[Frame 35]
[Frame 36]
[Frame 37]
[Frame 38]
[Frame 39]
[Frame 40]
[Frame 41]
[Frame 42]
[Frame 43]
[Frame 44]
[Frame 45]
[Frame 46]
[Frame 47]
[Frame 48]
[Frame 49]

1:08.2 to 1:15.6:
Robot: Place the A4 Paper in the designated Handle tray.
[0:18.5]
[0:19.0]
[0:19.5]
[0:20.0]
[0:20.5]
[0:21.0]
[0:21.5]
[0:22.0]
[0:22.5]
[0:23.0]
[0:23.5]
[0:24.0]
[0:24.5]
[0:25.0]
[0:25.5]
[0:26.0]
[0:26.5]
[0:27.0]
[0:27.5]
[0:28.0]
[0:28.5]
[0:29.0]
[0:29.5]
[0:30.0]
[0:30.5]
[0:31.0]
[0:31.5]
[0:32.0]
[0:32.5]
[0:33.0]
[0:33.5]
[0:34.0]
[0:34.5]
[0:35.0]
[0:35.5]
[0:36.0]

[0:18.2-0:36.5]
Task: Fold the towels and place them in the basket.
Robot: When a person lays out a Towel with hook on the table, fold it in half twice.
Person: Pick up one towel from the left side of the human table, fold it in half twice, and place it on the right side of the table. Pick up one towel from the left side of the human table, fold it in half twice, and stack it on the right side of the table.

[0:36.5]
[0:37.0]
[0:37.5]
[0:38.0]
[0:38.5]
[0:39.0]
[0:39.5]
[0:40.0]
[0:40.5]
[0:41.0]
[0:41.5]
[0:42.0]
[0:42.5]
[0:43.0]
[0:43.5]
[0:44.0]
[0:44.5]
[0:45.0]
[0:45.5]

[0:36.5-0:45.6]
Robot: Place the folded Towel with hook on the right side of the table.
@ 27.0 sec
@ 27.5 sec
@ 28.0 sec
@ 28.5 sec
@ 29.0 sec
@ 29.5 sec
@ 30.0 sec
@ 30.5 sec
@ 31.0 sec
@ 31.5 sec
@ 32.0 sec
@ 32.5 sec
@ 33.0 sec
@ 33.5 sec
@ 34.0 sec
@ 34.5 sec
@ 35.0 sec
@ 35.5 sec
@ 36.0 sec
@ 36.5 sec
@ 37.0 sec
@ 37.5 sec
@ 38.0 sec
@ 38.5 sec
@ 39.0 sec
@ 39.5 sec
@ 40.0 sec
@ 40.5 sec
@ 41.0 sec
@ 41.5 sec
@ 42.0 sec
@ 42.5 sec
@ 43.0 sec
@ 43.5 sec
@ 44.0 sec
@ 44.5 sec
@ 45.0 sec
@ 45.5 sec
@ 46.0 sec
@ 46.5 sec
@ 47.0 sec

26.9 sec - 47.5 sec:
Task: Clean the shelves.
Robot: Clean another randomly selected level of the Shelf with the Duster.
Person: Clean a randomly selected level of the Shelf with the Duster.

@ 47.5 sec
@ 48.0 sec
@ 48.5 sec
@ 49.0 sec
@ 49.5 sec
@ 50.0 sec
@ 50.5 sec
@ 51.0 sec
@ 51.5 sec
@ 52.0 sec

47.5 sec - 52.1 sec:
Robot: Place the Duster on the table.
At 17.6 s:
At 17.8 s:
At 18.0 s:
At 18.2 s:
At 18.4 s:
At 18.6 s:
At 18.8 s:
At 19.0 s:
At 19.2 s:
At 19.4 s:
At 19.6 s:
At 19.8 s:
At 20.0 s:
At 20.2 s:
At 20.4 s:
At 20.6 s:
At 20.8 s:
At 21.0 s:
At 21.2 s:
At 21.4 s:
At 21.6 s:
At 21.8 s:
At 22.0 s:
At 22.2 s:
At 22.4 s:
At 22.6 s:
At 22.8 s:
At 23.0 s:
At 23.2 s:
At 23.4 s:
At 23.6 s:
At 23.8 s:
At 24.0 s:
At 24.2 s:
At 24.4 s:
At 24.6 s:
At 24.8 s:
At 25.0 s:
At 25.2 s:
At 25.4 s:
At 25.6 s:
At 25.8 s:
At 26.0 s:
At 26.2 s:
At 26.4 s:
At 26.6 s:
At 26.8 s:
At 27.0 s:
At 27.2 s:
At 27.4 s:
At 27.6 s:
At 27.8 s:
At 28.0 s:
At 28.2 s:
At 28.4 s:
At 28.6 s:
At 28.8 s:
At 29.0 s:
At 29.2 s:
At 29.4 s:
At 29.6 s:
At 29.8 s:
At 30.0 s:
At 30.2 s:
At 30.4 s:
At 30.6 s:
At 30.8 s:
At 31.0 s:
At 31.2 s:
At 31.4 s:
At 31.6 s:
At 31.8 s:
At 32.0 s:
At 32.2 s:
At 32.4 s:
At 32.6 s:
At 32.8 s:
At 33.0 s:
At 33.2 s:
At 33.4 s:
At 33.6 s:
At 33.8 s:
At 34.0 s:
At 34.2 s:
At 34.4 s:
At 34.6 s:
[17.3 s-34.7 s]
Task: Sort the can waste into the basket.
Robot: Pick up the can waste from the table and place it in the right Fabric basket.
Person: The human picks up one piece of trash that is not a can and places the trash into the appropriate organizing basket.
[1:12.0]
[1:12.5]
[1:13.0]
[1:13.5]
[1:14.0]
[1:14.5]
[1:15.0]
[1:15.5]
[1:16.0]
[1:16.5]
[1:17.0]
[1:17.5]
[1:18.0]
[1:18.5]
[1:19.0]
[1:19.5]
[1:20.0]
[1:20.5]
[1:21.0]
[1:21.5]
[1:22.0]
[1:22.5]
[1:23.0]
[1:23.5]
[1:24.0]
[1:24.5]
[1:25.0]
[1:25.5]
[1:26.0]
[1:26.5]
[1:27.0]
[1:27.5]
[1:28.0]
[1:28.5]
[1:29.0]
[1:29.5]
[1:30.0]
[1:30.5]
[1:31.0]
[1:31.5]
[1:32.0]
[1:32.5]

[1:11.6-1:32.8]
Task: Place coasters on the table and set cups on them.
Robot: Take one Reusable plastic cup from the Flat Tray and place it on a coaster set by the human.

════════

In your reply, restate every entry exactly.

**RESPONSE FOR THIS EXERCISE:**
[Frame 35]
[Frame 36]
[Frame 37]
[Frame 38]
[Frame 39]
[Frame 40]
[Frame 41]
[Frame 42]
[Frame 43]
[Frame 44]
[Frame 45]
[Frame 46]
[Frame 47]
[Frame 48]
[Frame 49]

1:08.2 to 1:15.6:
Robot: Place the A4 Paper in the designated Handle tray.
[0:18.5]
[0:19.0]
[0:19.5]
[0:20.0]
[0:20.5]
[0:21.0]
[0:21.5]
[0:22.0]
[0:22.5]
[0:23.0]
[0:23.5]
[0:24.0]
[0:24.5]
[0:25.0]
[0:25.5]
[0:26.0]
[0:26.5]
[0:27.0]
[0:27.5]
[0:28.0]
[0:28.5]
[0:29.0]
[0:29.5]
[0:30.0]
[0:30.5]
[0:31.0]
[0:31.5]
[0:32.0]
[0:32.5]
[0:33.0]
[0:33.5]
[0:34.0]
[0:34.5]
[0:35.0]
[0:35.5]
[0:36.0]

[0:18.2-0:36.5]
Task: Fold the towels and place them in the basket.
Robot: When a person lays out a Towel with hook on the table, fold it in half twice.
Person: Pick up one towel from the left side of the human table, fold it in half twice, and place it on the right side of the table. Pick up one towel from the left side of the human table, fold it in half twice, and stack it on the right side of the table.

[0:36.5]
[0:37.0]
[0:37.5]
[0:38.0]
[0:38.5]
[0:39.0]
[0:39.5]
[0:40.0]
[0:40.5]
[0:41.0]
[0:41.5]
[0:42.0]
[0:42.5]
[0:43.0]
[0:43.5]
[0:44.0]
[0:44.5]
[0:45.0]
[0:45.5]

[0:36.5-0:45.6]
Robot: Place the folded Towel with hook on the right side of the table.
@ 27.0 sec
@ 27.5 sec
@ 28.0 sec
@ 28.5 sec
@ 29.0 sec
@ 29.5 sec
@ 30.0 sec
@ 30.5 sec
@ 31.0 sec
@ 31.5 sec
@ 32.0 sec
@ 32.5 sec
@ 33.0 sec
@ 33.5 sec
@ 34.0 sec
@ 34.5 sec
@ 35.0 sec
@ 35.5 sec
@ 36.0 sec
@ 36.5 sec
@ 37.0 sec
@ 37.5 sec
@ 38.0 sec
@ 38.5 sec
@ 39.0 sec
@ 39.5 sec
@ 40.0 sec
@ 40.5 sec
@ 41.0 sec
@ 41.5 sec
@ 42.0 sec
@ 42.5 sec
@ 43.0 sec
@ 43.5 sec
@ 44.0 sec
@ 44.5 sec
@ 45.0 sec
@ 45.5 sec
@ 46.0 sec
@ 46.5 sec
@ 47.0 sec

26.9 sec - 47.5 sec:
Task: Clean the shelves.
Robot: Clean another randomly selected level of the Shelf with the Duster.
Person: Clean a randomly selected level of the Shelf with the Duster.

@ 47.5 sec
@ 48.0 sec
@ 48.5 sec
@ 49.0 sec
@ 49.5 sec
@ 50.0 sec
@ 50.5 sec
@ 51.0 sec
@ 51.5 sec
@ 52.0 sec

47.5 sec - 52.1 sec:
Robot: Place the Duster on the table.
At 17.6 s:
At 17.8 s:
At 18.0 s:
At 18.2 s:
At 18.4 s:
At 18.6 s:
At 18.8 s:
At 19.0 s:
At 19.2 s:
At 19.4 s:
At 19.6 s:
At 19.8 s:
At 20.0 s:
At 20.2 s:
At 20.4 s:
At 20.6 s:
At 20.8 s:
At 21.0 s:
At 21.2 s:
At 21.4 s:
At 21.6 s:
At 21.8 s:
At 22.0 s:
At 22.2 s:
At 22.4 s:
At 22.6 s:
At 22.8 s:
At 23.0 s:
At 23.2 s:
At 23.4 s:
At 23.6 s:
At 23.8 s:
At 24.0 s:
At 24.2 s:
At 24.4 s:
At 24.6 s:
At 24.8 s:
At 25.0 s:
At 25.2 s:
At 25.4 s:
At 25.6 s:
At 25.8 s:
At 26.0 s:
At 26.2 s:
At 26.4 s:
At 26.6 s:
At 26.8 s:
At 27.0 s:
At 27.2 s:
At 27.4 s:
At 27.6 s:
At 27.8 s:
At 28.0 s:
At 28.2 s:
At 28.4 s:
At 28.6 s:
At 28.8 s:
At 29.0 s:
At 29.2 s:
At 29.4 s:
At 29.6 s:
At 29.8 s:
At 30.0 s:
At 30.2 s:
At 30.4 s:
At 30.6 s:
At 30.8 s:
At 31.0 s:
At 31.2 s:
At 31.4 s:
At 31.6 s:
At 31.8 s:
At 32.0 s:
At 32.2 s:
At 32.4 s:
At 32.6 s:
At 32.8 s:
At 33.0 s:
At 33.2 s:
At 33.4 s:
At 33.6 s:
At 33.8 s:
At 34.0 s:
At 34.2 s:
At 34.4 s:
At 34.6 s:
[17.3 s-34.7 s]
Task: Sort the can waste into the basket.
Robot: Pick up the can waste from the table and place it in the right Fabric basket.
Person: The human picks up one piece of trash that is not a can and places the trash into the appropriate organizing basket.
[1:12.0]
[1:12.5]
[1:13.0]
[1:13.5]
[1:14.0]
[1:14.5]
[1:15.0]
[1:15.5]
[1:16.0]
[1:16.5]
[1:17.0]
[1:17.5]
[1:18.0]
[1:18.5]
[1:19.0]
[1:19.5]
[1:20.0]
[1:20.5]
[1:21.0]
[1:21.5]
[1:22.0]
[1:22.5]
[1:23.0]
[1:23.5]
[1:24.0]
[1:24.5]
[1:25.0]
[1:25.5]
[1:26.0]
[1:26.5]
[1:27.0]
[1:27.5]
[1:28.0]
[1:28.5]
[1:29.0]
[1:29.5]
[1:30.0]
[1:30.5]
[1:31.0]
[1:31.5]
[1:32.0]
[1:32.5]

[1:11.6-1:32.8]
Task: Place coasters on the table and set cups on them.
Robot: Take one Reusable plastic cup from the Flat Tray and place it on a coaster set by the human.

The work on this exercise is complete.